Alain places the menu in front of me, then immediately keeps one hand on it before I can open it.
“No,” he says.
I look at him. “No?”
“You do not need this.”
“I don’t?”
“You came here to eat what the room does well, yes?”
“Yes.”
“Then I bring lunch.”
“That’s a bold assumption.”
“That is why I made it,” Alain says.
I lean back in my chair. “What if I hate offal?”
“You do not.”
“You know that how?”
“You looked pleased by the smell outside.”
I stare at him.
He smiles. “You are not difficult to read.”
I hear Diana’s voice in my head, dry and immediate:Everyone is difficult to read if you are bad at reading.
Alain is not bad at reading.
“Bring lunch,” I say.
“Wine?” Alain asks.
“What are you pouring?”
He names a Côte du Rhône with no salesmanship whatsoever.
“Yes,” I say.
Alain takes the unopened menu away like it was only ever ceremonial.
The first plate arrives with a country terrine, cornichons, mustard, and bread so crusty it leaves flakes across the cloth the moment I touch it. The terrine is dense, coarse, and deeply seasoned, the fat cold enough to hold, soft enough to melt. The mustard snaps through it. The cornichon bites back. It tastes like a kitchen that expects you to arrive hungry and refuses to apologize for how it solves that problem. I write one line. Then I take another bite and write three more.

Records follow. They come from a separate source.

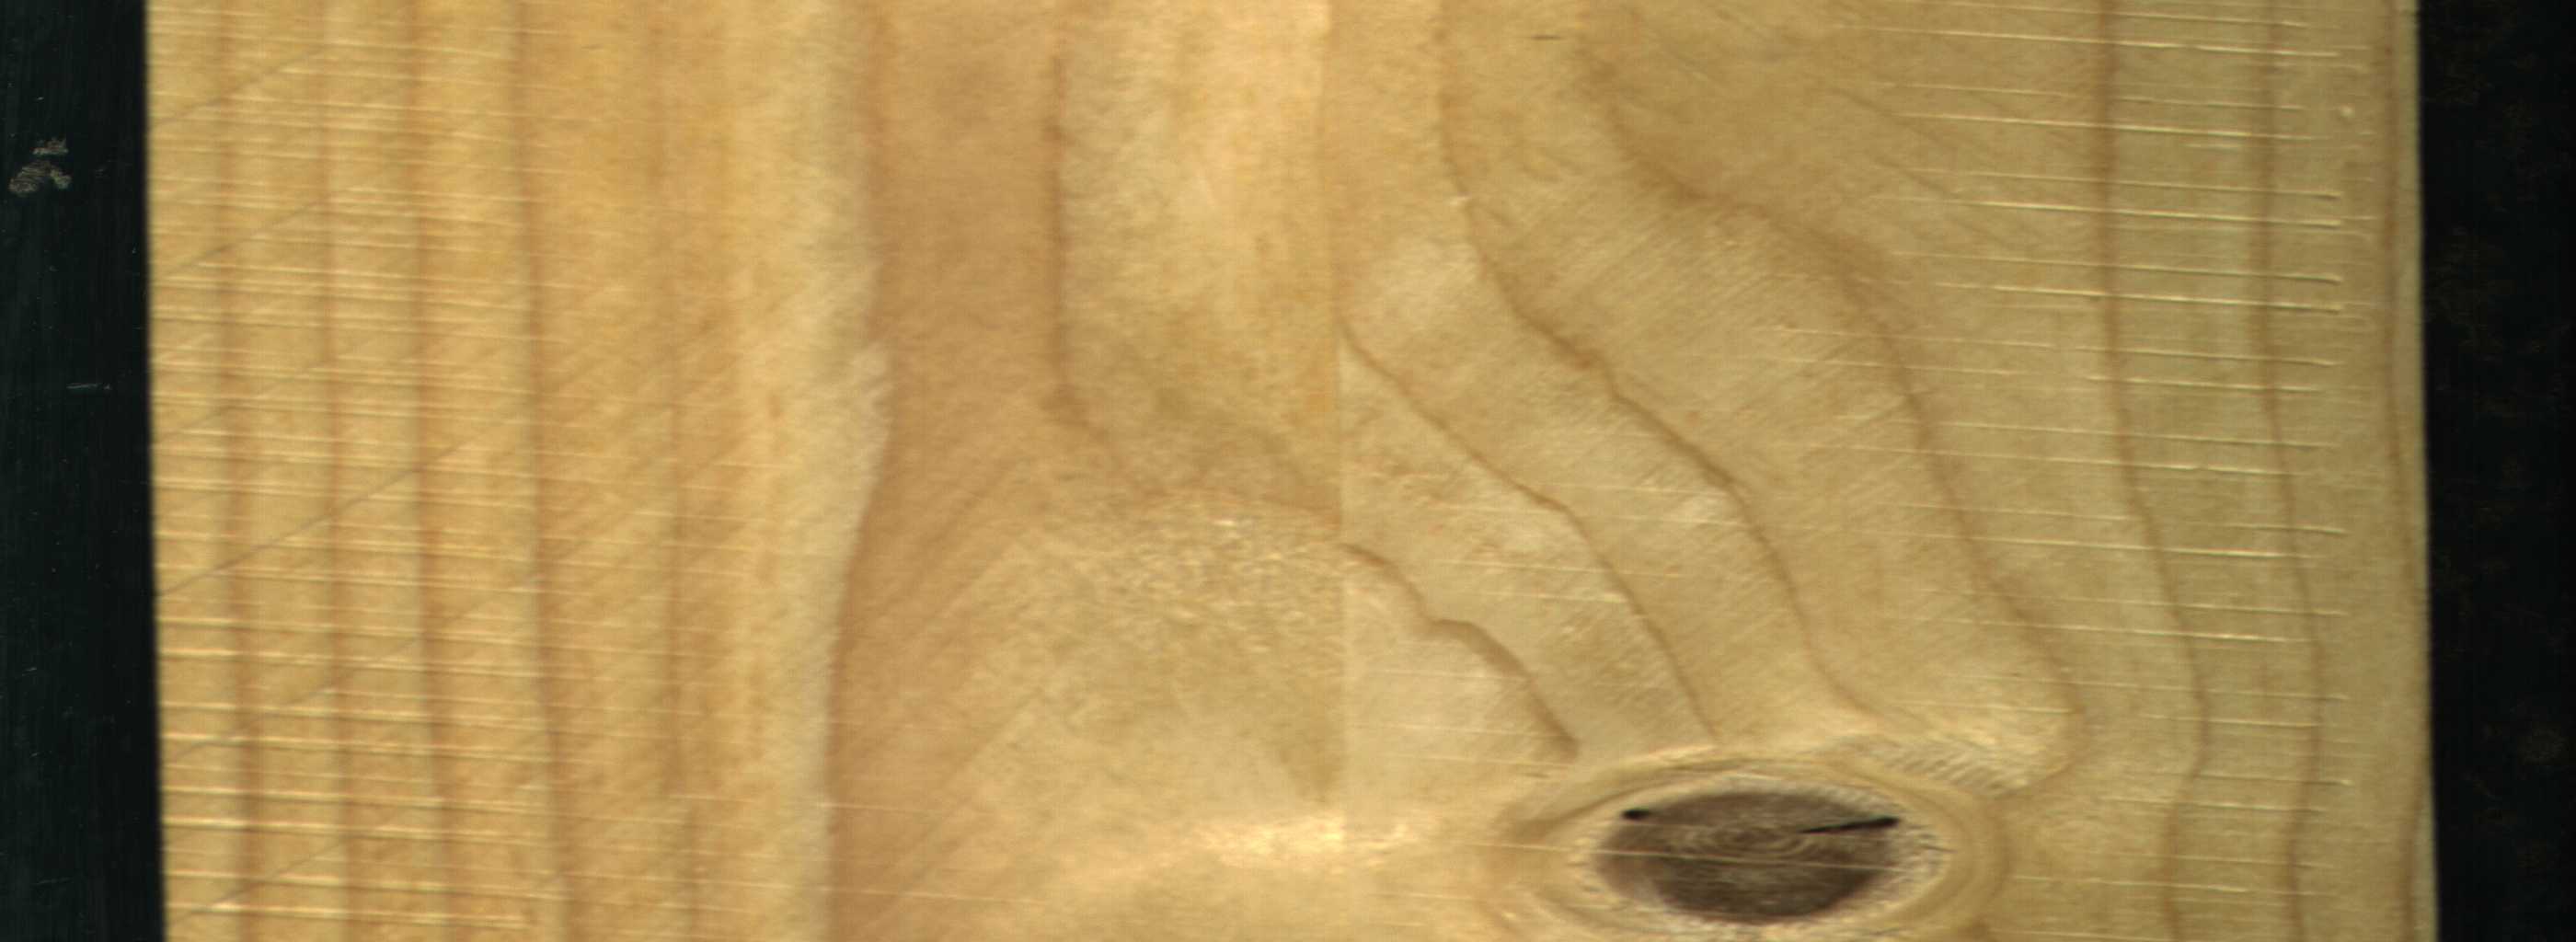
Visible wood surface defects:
Dead_Knot
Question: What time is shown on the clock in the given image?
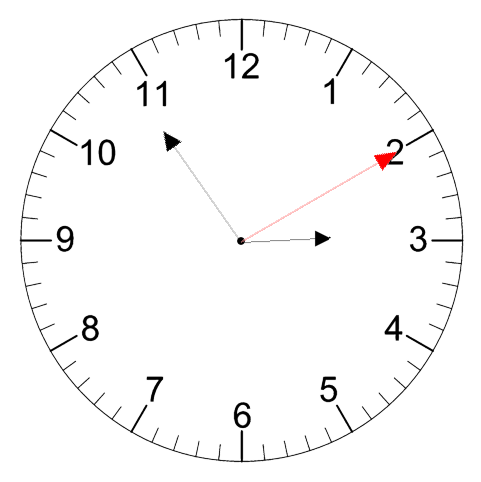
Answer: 02:54:10
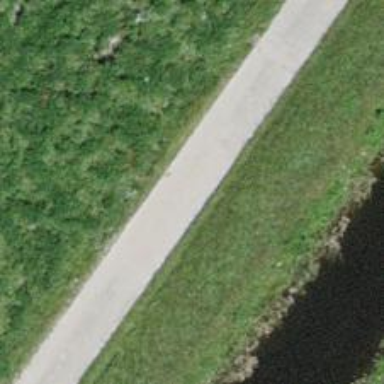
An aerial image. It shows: Well-maintained track road with grade 1 tracktype.
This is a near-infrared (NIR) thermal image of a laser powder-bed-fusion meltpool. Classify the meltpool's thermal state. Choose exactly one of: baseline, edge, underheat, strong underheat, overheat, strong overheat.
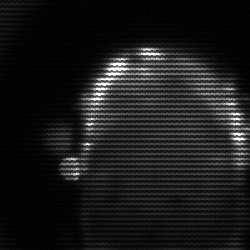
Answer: baseline
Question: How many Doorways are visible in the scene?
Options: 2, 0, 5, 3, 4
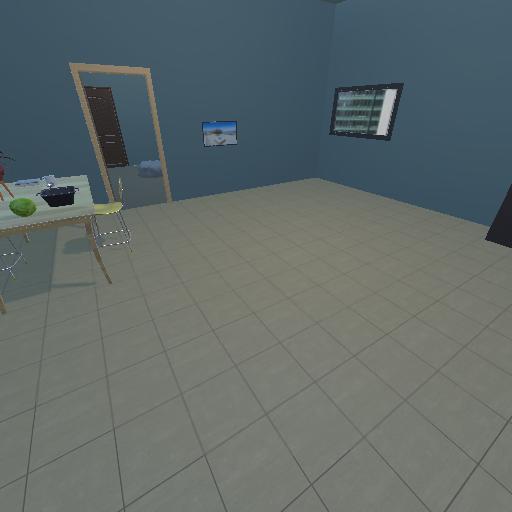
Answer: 2
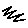
Label: zigzag
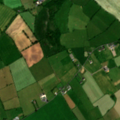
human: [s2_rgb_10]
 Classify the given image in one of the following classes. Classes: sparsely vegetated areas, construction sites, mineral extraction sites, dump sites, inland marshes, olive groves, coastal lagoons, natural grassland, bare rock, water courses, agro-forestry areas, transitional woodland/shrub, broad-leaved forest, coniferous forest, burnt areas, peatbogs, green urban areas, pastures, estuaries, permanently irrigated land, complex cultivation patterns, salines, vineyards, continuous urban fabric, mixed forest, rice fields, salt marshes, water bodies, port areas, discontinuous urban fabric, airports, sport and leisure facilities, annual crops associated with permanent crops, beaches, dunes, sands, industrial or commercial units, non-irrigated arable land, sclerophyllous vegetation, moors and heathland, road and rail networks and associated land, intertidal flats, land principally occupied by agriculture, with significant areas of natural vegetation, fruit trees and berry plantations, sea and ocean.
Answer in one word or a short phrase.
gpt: non-irrigated arable land, pastures
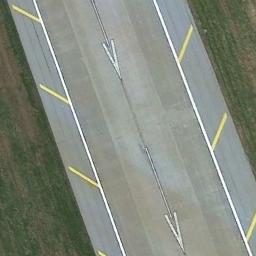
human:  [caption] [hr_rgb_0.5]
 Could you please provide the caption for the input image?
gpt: The runway is on the grass .

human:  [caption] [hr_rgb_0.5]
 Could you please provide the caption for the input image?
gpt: The runway is surrounded by grass .

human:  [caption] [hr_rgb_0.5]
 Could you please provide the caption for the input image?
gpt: Next to the runway is a green lawn with white arrows and dashes .

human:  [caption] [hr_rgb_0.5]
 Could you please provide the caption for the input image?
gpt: The runway goes through the lawn and some markings are on the runway .

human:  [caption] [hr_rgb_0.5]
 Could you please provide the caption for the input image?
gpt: There are green meadows beside the runway .
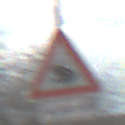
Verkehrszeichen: AmphibienwanderungRechts
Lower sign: LaengeEinerStrecke5
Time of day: MorningAfternoon
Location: Outdoor (Nature)
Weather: PartlyCloudy
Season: Autumn
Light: Natural
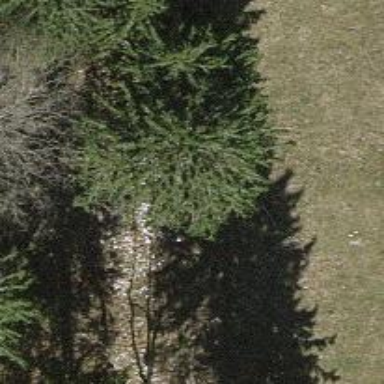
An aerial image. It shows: Needle-leaved tree in nature.
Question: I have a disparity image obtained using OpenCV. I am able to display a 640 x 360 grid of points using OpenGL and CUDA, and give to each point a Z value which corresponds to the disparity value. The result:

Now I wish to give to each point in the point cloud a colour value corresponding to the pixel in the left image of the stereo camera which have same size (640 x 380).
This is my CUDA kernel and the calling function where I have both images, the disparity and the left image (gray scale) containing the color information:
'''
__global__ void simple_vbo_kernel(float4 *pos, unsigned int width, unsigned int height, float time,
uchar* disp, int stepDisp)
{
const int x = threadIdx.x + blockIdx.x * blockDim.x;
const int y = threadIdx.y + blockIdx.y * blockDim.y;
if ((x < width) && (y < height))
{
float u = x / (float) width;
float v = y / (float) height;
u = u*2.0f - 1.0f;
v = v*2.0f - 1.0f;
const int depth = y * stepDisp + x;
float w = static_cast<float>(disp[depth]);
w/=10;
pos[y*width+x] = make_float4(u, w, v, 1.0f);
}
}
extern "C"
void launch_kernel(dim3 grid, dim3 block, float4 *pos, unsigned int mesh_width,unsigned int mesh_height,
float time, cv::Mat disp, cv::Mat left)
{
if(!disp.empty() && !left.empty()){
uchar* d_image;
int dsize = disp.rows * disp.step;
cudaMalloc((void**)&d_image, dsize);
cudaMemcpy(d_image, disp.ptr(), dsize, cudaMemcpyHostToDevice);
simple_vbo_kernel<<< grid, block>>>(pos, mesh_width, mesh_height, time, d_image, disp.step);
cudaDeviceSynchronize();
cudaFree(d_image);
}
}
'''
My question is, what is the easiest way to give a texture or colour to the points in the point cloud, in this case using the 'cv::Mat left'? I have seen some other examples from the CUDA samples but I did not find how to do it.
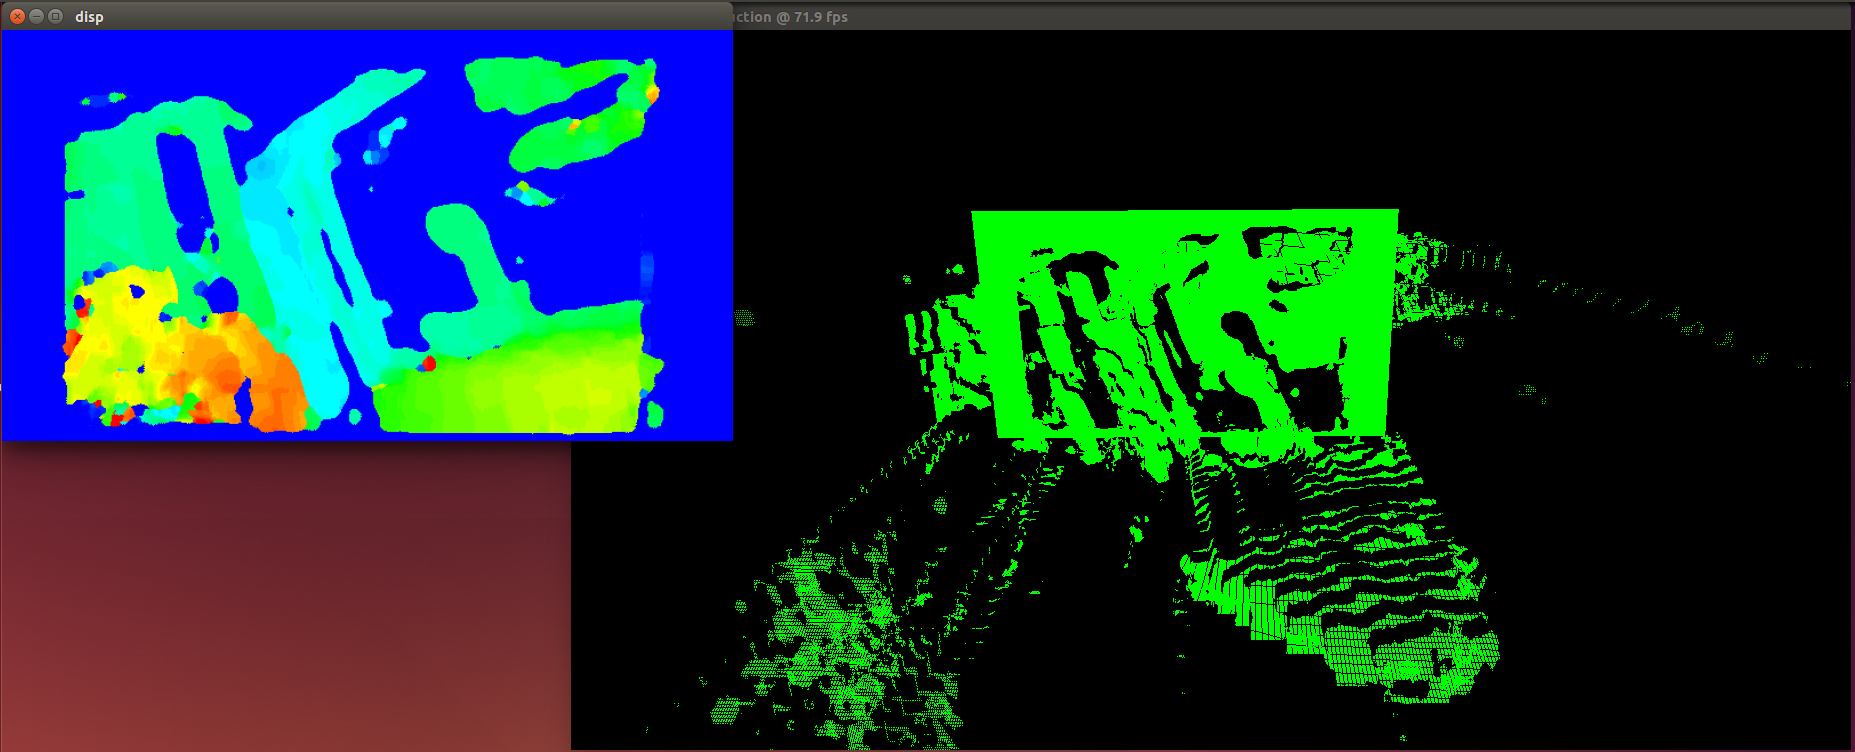
Answer: I found a solution. In the kernel part I have a new uchar4 mapped input for the color, both input pointers must have same size for a correct relation between point and color (float4 *pos and uchar4 *color). Since d_image is a gray scale image (disparity image) and the one to give texture is a color image, this should be taken into account for the way to access to each array. Opencv it is in BGR order and gstreamer in RGB:
'''
__global__ void simple_vbo_kernel(float4 *pos, uchar4 *color, unsigned int width, unsigned int height, uchar* d_image, int stepDisp, uchar* d_color, int stepLeft)
{
const int x = threadIdx.x + blockIdx.x * blockDim.x;
const int y = threadIdx.y + blockIdx.y * blockDim.y;
if ((x < width) && (y < height)){
float u = x / (float) width;
float v = y / (float) height;
u = u*2.0f - 1.0f;
v = v*2.0f - 1.0f;
const int depthi = y * stepDisp + x;
float w = static_cast<float>(d_image[depthi]);
w/=25;
pos[y*width+x] = make_float4(u, w, v, 1.0f);
uchar b = static_cast<uchar>(d_color[y*width*3+x*3 + 0]);
uchar g = static_cast<uchar>(d_color[y*width*3+x*3 + 1]);
uchar r = static_cast<uchar>(d_color[y*width*3+x*3 + 2]);
color[y*width+x] = make_uchar4( r, g, b, 1.0f);
}
}
extern "C"
void launch_kernel(dim3 grid, dim3 block, unsigned int mesh_width, unsigned int mesh_height, float4 *pos, cv::Mat disp, uchar4 *color, cv::Mat left)
{
if(!disp.empty() && !left.empty()){
uchar* d_image;
int dsize = disp.rows * disp.step;
cudaMalloc((void**)&d_image, dsize);
cudaMemcpy(d_image, disp.ptr(), dsize, cudaMemcpyHostToDevice);
uchar* d_color;
int dcolorsize = left.rows * left.step;
cudaMalloc((void**)&d_color, dcolorsize);
cudaMemcpy(d_color, left.ptr(), dcolorsize, cudaMemcpyHostToDevice);
simple_vbo_kernel<<< grid, block>>>(pos, color, mesh_width, mesh_height, d_image, disp.step, d_color, left.step);
cudaDeviceSynchronize();
cudaFree(d_image);
cudaFree(d_color);
}
}
'''
Calling to the kernel:
'''
void runCuda(struct cudaGraphicsResource **vbo_resource, Mat dsp, struct cudaGraphicsResource **vbo_resource_color, Mat lft)
{
float4 *dptr_pos;
checkCudaErrors(cudaGraphicsMapResources(1, vbo_resource, 0));
size_t num_bytes;
checkCudaErrors(cudaGraphicsResourceGetMappedPointer((void **)&dptr_pos, &num_bytes, *vbo_resource));
uchar4 *dptr_color;
checkCudaErrors(cudaGraphicsMapResources(1, vbo_resource_color, 0));
size_t num_bytes_color;
checkCudaErrors(cudaGraphicsResourceGetMappedPointer((void **)&dptr_color, &num_bytes_color, *vbo_resource_color));
dim3 block(8, 8, 1);
dim3 grid(mesh_width / block.x, mesh_height / block.y, 1);
launch_kernel(grid,block, mesh_width, mesh_height, dptr_pos, dsp, dptr_color, lft);
checkCudaErrors(cudaGraphicsUnmapResources(1, vbo_resource, 0));
checkCudaErrors(cudaGraphicsUnmapResources(1, vbo_resource_color, 0));
}
'''
Also important in the initialization of the OpenGl add this:
'''
glEnable( GL_TEXTURE_2D );
'''
and also enable depth test. I had Disabled before and I have strange image overlapings:
'''
glEnable(GL_DEPTH_TEST);
'''
And the part where the image must be shown or updated, in my case I have it in my 'glutDisplayFunc(display)' function:
'''
glBindBuffer(GL_ARRAY_BUFFER, pos_vbo);
glVertexPointer(4, GL_FLOAT, 0, 0);
glEnableClientState(GL_VERTEX_ARRAY);
glBindBuffer(GL_ARRAY_BUFFER, color_vbo);
glColorPointer(4, GL_UNSIGNED_BYTE, 0, 0);
glEnableClientState(GL_COLOR_ARRAY);
glPointSize(3.0);
glDrawArrays(GL_POINTS, 0, mesh_width * mesh_height);
glDisableClientState(GL_VERTEX_ARRAY);
glDisableClientState(GL_COLOR_ARRAY);
glBindBuffer(GL_ARRAY_BUFFER, 0);
glutSwapBuffers();
glFlush();
glDeleteTextures(1, &color_vbo);
'''
My image is a grayscale image because I am still trying to capture my rtsp stream with gstreamer 0.10 in color
<URL>
I have opened a new post trying to solve the color issue:
<URL>

The second course is quenelles in a sauce Nantua that smells like crayfish, butter, and old technique. The dish arrives pale and unshowy, the kind of thing a lesser kitchen would try to modernize out of embarrassment. This one does not. The quenelle is light without vanishing, almost cloudlike but not precious, and the sauce has enough depth to make me sit very still for a few seconds after the first bite.
Alain passes my table and sees my fork suspended above the plate.
He stops. “Yes.”
It is not a question.
I look up at him. “Yes.”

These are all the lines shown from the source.